Items listed in a dataset

....

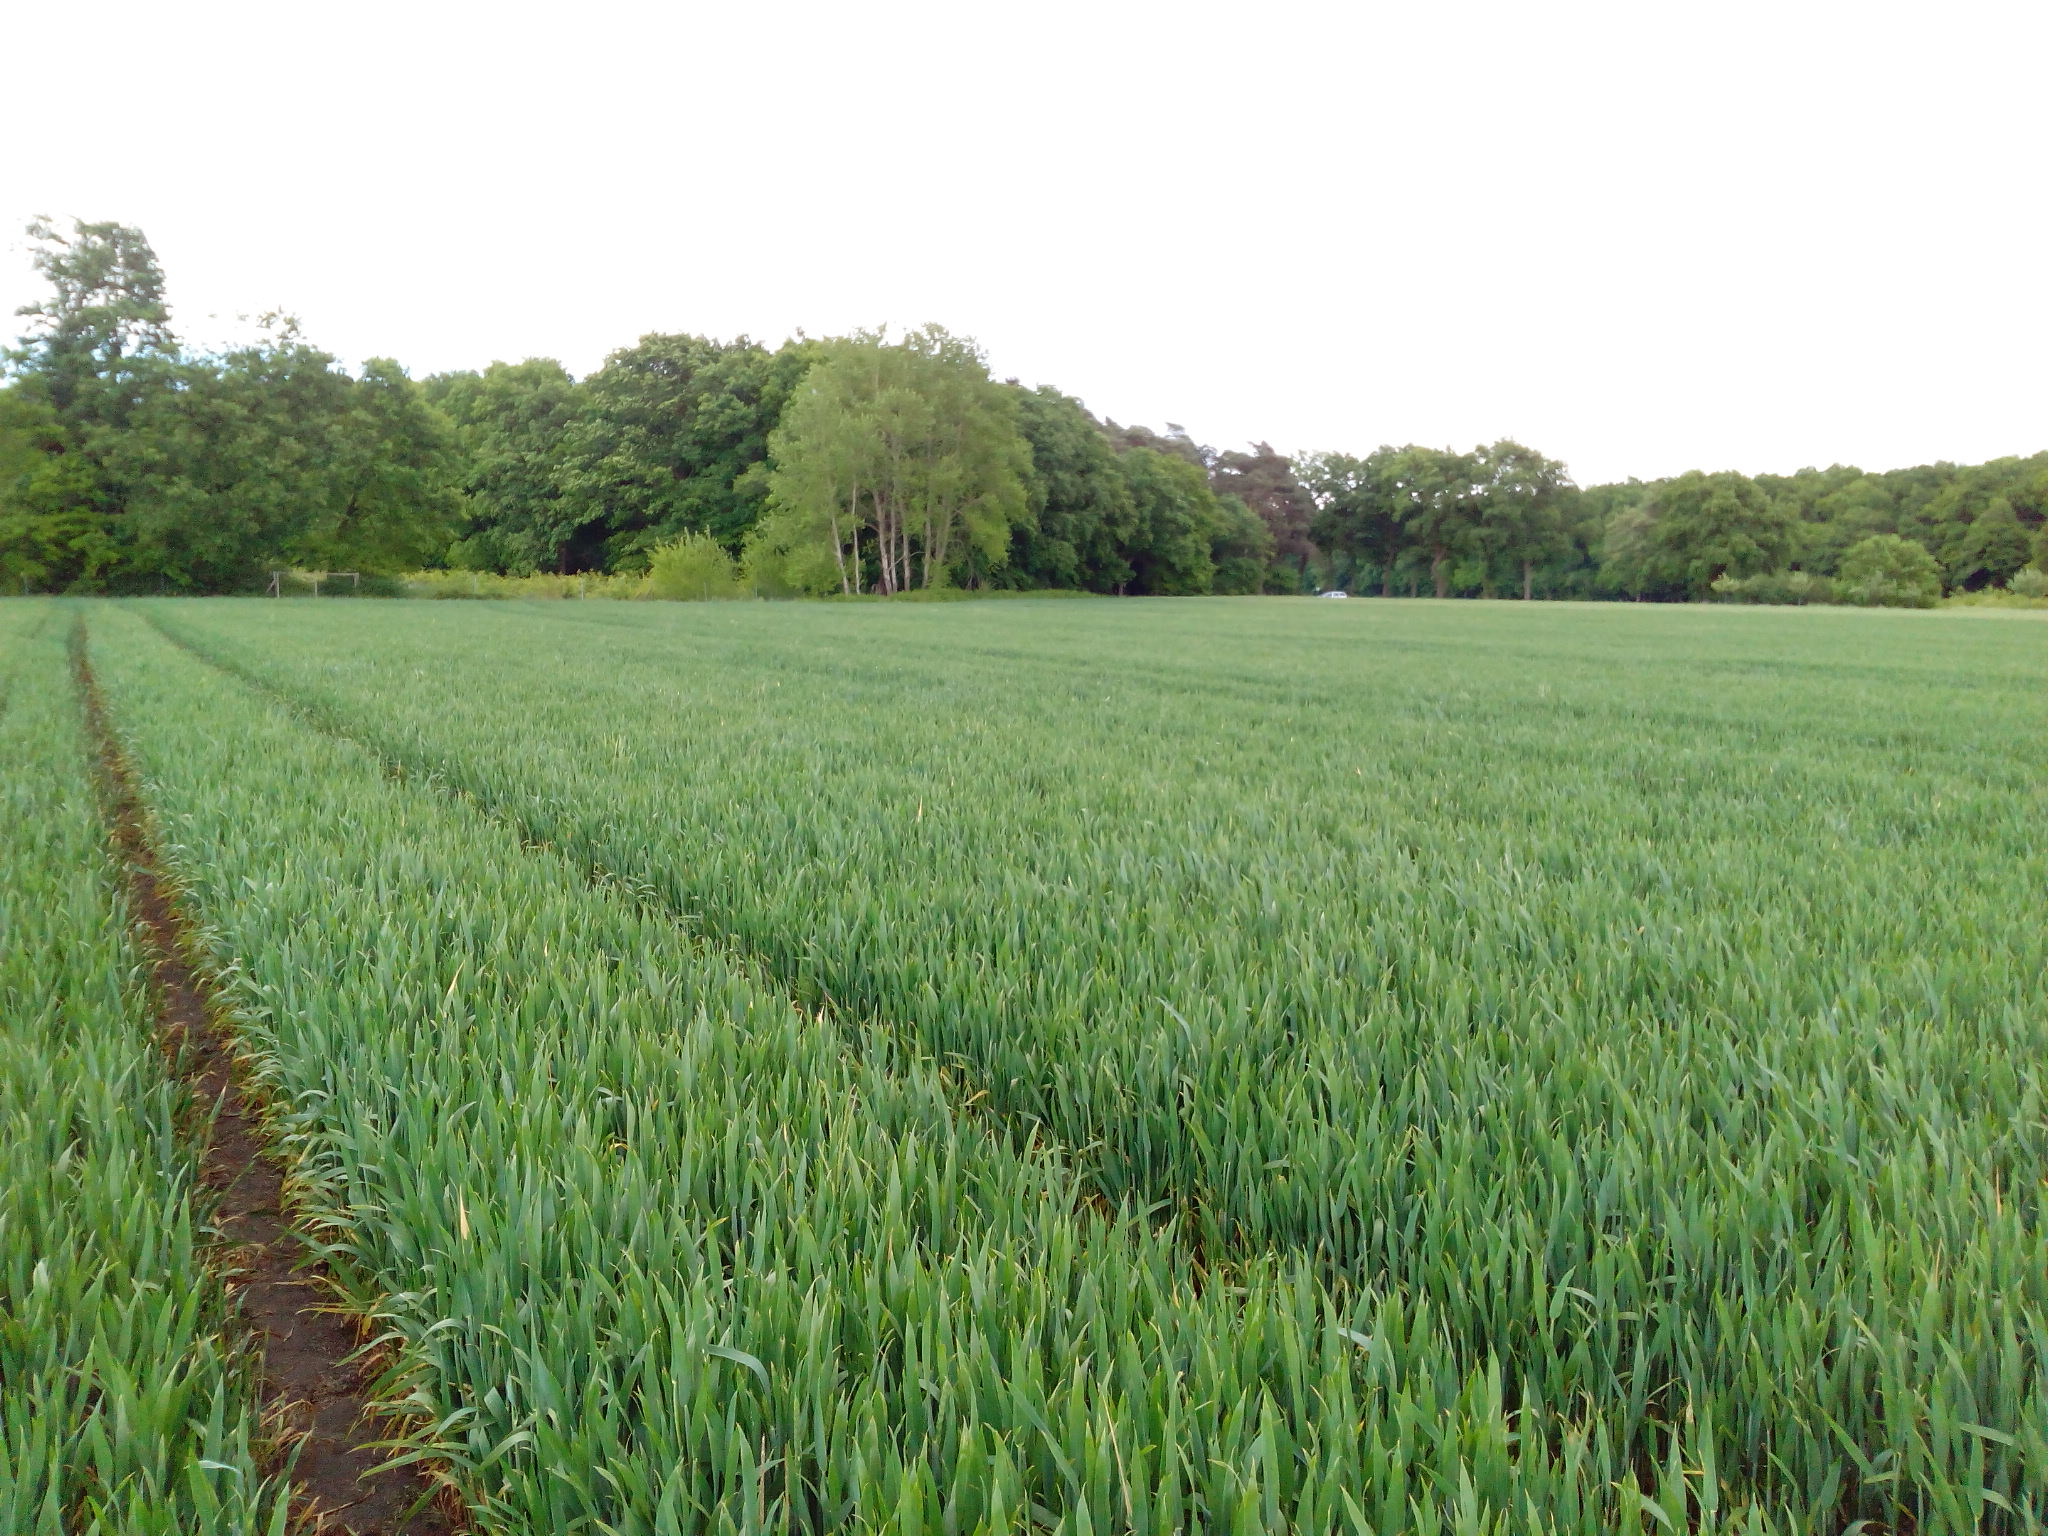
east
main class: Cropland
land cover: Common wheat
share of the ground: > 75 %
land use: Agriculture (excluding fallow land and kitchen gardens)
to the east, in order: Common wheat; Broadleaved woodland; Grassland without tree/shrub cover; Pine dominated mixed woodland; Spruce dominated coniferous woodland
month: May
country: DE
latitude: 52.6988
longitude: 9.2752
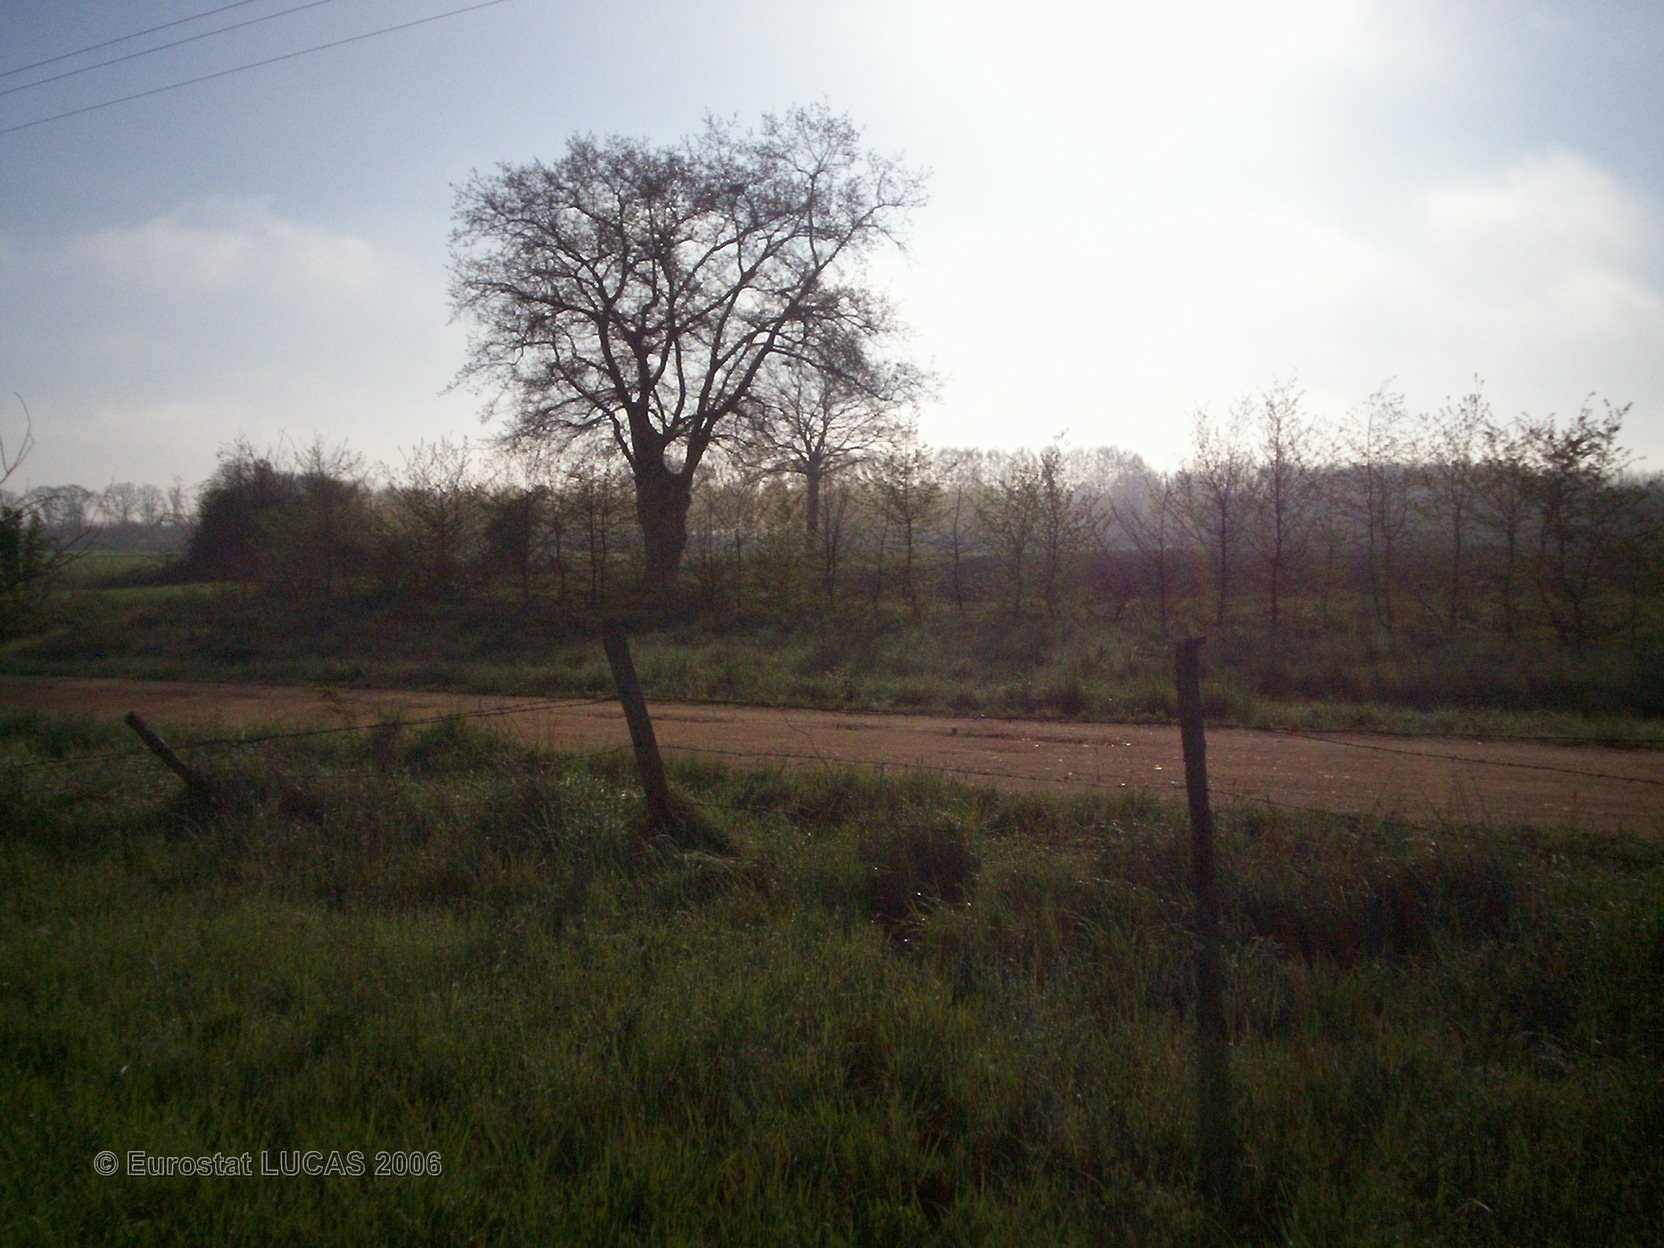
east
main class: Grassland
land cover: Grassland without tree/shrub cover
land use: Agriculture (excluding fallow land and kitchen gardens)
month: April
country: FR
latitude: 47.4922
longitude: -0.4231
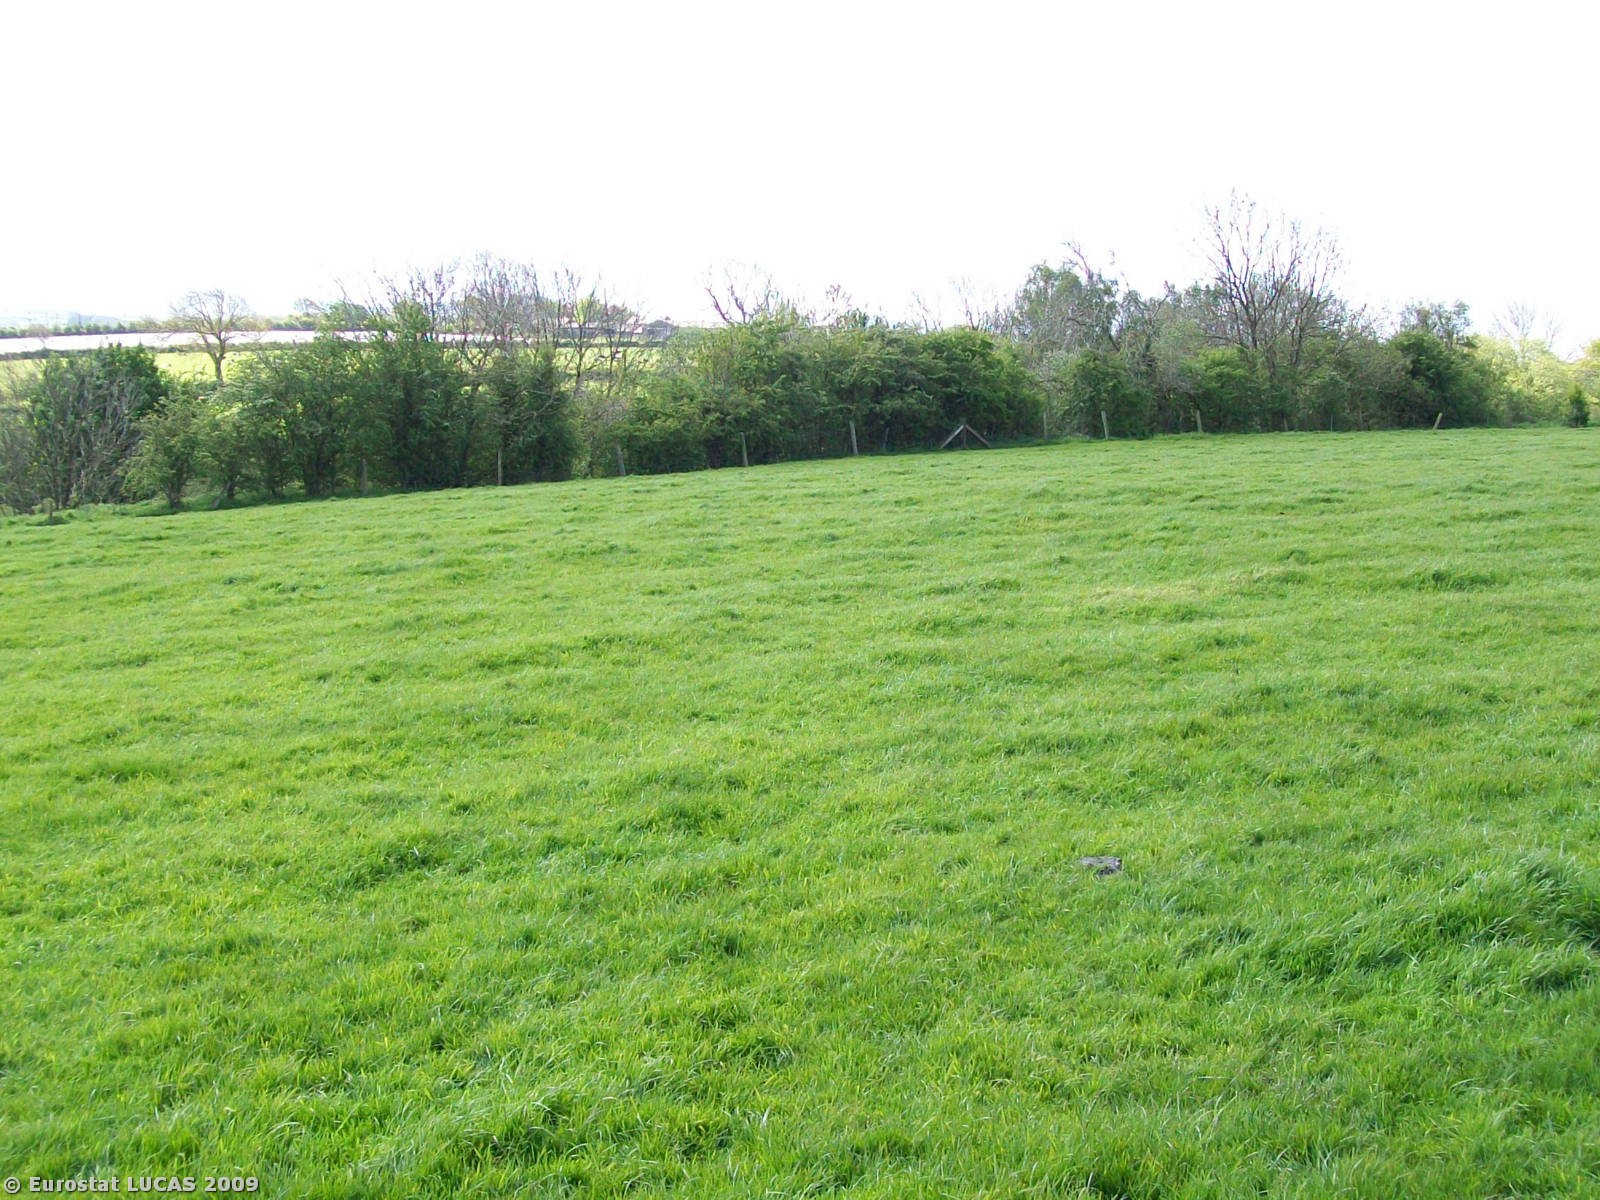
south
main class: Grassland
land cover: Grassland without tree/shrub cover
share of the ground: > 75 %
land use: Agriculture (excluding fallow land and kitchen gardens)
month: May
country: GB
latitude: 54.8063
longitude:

....

» **Task requirements**
Reproduce the data above word for word and omit the images.

» **Problem solution**
east
main class: Cropland
land cover: Common wheat
share of the ground: > 75 %
land use: Agriculture (excluding fallow land and kitchen gardens)
to the east, in order: Common wheat; Broadleaved woodland; Grassland without tree/shrub cover; Pine dominated mixed woodland; Spruce dominated coniferous woodland
month: May
country: DE
latitude: 52.6988
longitude: 9.2752
east
main class: Grassland
land cover: Grassland without tree/shrub cover
land use: Agriculture (excluding fallow land and kitchen gardens)
month: April
country: FR
latitude: 47.4922
longitude: -0.4231
south
main class: Grassland
land cover: Grassland without tree/shrub cover
share of the ground: > 75 %
land use: Agriculture (excluding fallow land and kitchen gardens)
month: May
country: GB
latitude: 54.8063
longitude:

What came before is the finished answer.